[VTA] Workaround for Autotuning with One PYNQ Z1 Board

hht · November 26, 2020, 9:18am

One way is to create a global class record cma alloc and free. When exception occurs, the python-rpc-server firstly provided the C API to invoke xilinx cma_free() to release the cma memory then terminate the process.

hht · November 26, 2020, 9:24am

Another way is to avoid rpc exception and improve tuning efficiency. I replace batch 300 input tensor with batch 1 input tensor. And use simple python script the generate simpler net. I thought that with GEMM batch 300 conv2d could share nearly the same optimal schedule with batch 1 conv2d.

isong · November 26, 2020, 10:47am

Hi @htt

Thank you for sharing your work.
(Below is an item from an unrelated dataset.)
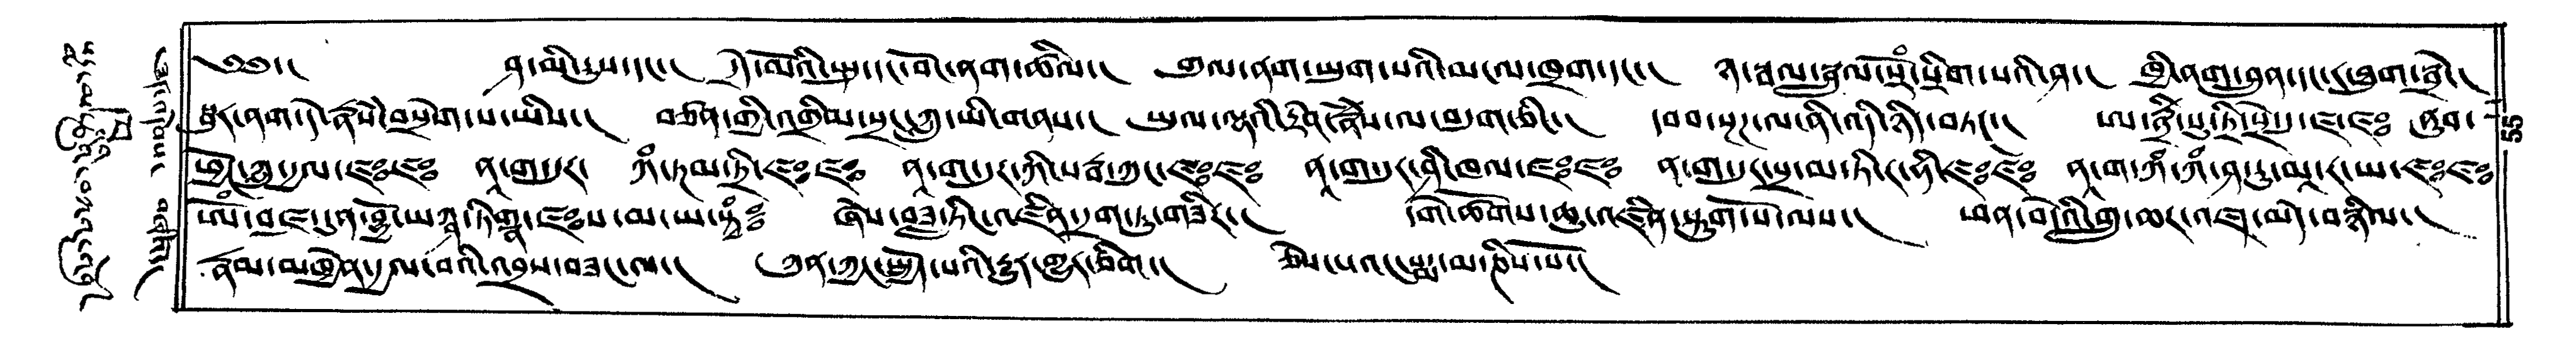ཤ་མི་རུས་དང་། དྲེད་མོའི་སྤུ་དང་བོང་ནག་ཚིལ། གུལ་ནག་ཡུག་པའི་མངལ་ཁྲག་དང་། ཉ་སྦལ་སྦྲུལ་སྡོམ་སྡིག་པའི་ཤ། ཁྱི་ནག་བླུན་དང་ར་ཐུག་སྦྲེ། 
སྦུར་ནག་དེ་རྣམས་བསྲེག་པ་ཡིས། བཙན་གྱི་འགྲིམ་སྲང་ཀླུ་ཡི་གནས། ཡུལ་སླཧའི་རྟེན་རྣམས་ལ་བདུག་ཅིང་། དབབ་སྔགས་ལ་ནི་འདི་ཉིད་བཏགས། ཨ་་་་་་སུ་ཏྲི་སྲེ་དུ་ཛ་ཛཿ ནུབ་
ཕྱོགས་ཀླུ་རྒྱལ་ཛཿཛཿ ནཱ་ག་དུར། ཀཾ་རྔམ་ཏྲི་ཛཿཛཿ ཉཱ་ག་དུར་ཀི་སརྦ་ཀུང་ཛཿཛཿ ནཱ་ག་དུར་ཤི་ཁལ་ཛཿཛཿ ན་ག་དུར་སྲ་མ་ཏི་ར་ཧི་ཛཿཛཿ ནཱ་ག་ཀཾ་ཀཾ་ཤ་རུ་མཱ་ར་ཡ་ཛཿཛཿ 
ཨོཾ་བཛྲ་དུན་བྷྱོ་ཡཀྴ་ཏིགྣ་ཛཿས་མ་ཡ་སྟྭཾ༔ ཞེས་བཟླ་ཏིང་འཛིན་དྲག་ཏུ་གཟིགས། དགེ་ཚོགས་ཆུ་འཛིན་སྟུག་པོ་ལས། ཕན་བདེའི་གྲུ་ཆར་འཛད་མེད་བསྙིལ། 
རྣམ་མཁྱེན་རྒྱལ་བའི་འབྲས་བཟང་ལ། ཀུན་ཀྱང་སྤྱོད་པའི་རྡུར་རྒྱུར་ཅིག ཅེས་པའང་པདྨ་མ་ཎིས་སོ།

It seems the 2nd option made more sense, though it seems to be good to improve rpc exception handling.

Cheers, ISS

thkim · December 4, 2020, 10:31pm

Hi,

I want to check several things.

Does your tutorial work with ‘xgb’ tuner?
I tried to compare non-tuning with tuning and failed to see the improvement for execution time after tuning. Did you see the improvement after tuning?
@isong I’m using one PYNQ-Z1 board. When I ran the tutorial, the mean inference time was 365 ~ 372 ms. Your example shows 69.65 ms. Could you give me some advice to decrease the mean inference time?

Thanks!

hht · December 6, 2020, 4:19am

@thkim

I am not sure, but with random tunner it works.
Because you use the tophub well-tuned params. If you try with fallback config, it will be great improvement.
I use PYNQ Z1 and ZCU104. I think 365ms is reasonable.

isong · December 6, 2020, 10:39pm

Hi @thkim

For 1 and 2, I think @hht has already answered.

For 3, I used ultra96, could be the reason why the difference.

isong · December 13, 2020, 10:19am

@hht

I have create a PR that combines your change and my change that is discussed in the thread. I wanted to add you to the PR, but I cannot seem to find you in @ at github id.

github.com/apache/tvm

[Fix][Tutorial][VTA] Update tune_relay_vta.py to support single board

main ← insop:insop/tune_relay_vta

opened 10:10AM - 13 Dec 20 UTC

insop

+16 -15

- support single pynq board run, change is credited to @i24361, https://github.c…om/i24361/incubator-tvm/blob/0472b1f347976229a29be8a6e60b626a0604c8df/vta/tutorials/autotvm/tune_relay_vta_with_one_board.py - fixes the save fail - issues and changes are discussed in https://discuss.tvm.apache.org/t/vta-workaround-for-autotuning-with-one-pynq-z1-board/8091/9 Thanks for contributing to TVM! Please refer to guideline https://tvm.apache.org/docs/contribute/ for useful information and tips. After the pull request is submitted, please request code reviews from [Reviewers](https://github.com/apache/incubator-tvm/blob/master/CONTRIBUTORS.md#reviewers) by @ them in the pull request thread.

hht · December 13, 2020, 12:33pm

@isong

I see you already @ me. Hope this commit can pass.

youxiudeshouyeren · April 21, 2022, 3:33am

Recently, I encountered this problem again. Using a single pynq Z2 will prompt that the device cannot be obtained from remote. My TVM version is v0 8. Do you have any suggestions? Thank you.

thesinger · May 6, 2022, 5:36am

Have you solved the problem? I also encounter the problem, My TVM version is 0.9, and remote device is PYNQ Z2.

thesinger · May 6, 2022, 5:38am

@youxiudeshouyeren Do you have any ideas?

denis · November 1, 2022, 6:37am

@hht Hello, I meet the same problem now.
If you remove the remote , then how could you program the FPGA with bitstream?
And should I run start_rpc_server.sh or start_rpc_server_to_tracker.sh ? What’s the difference?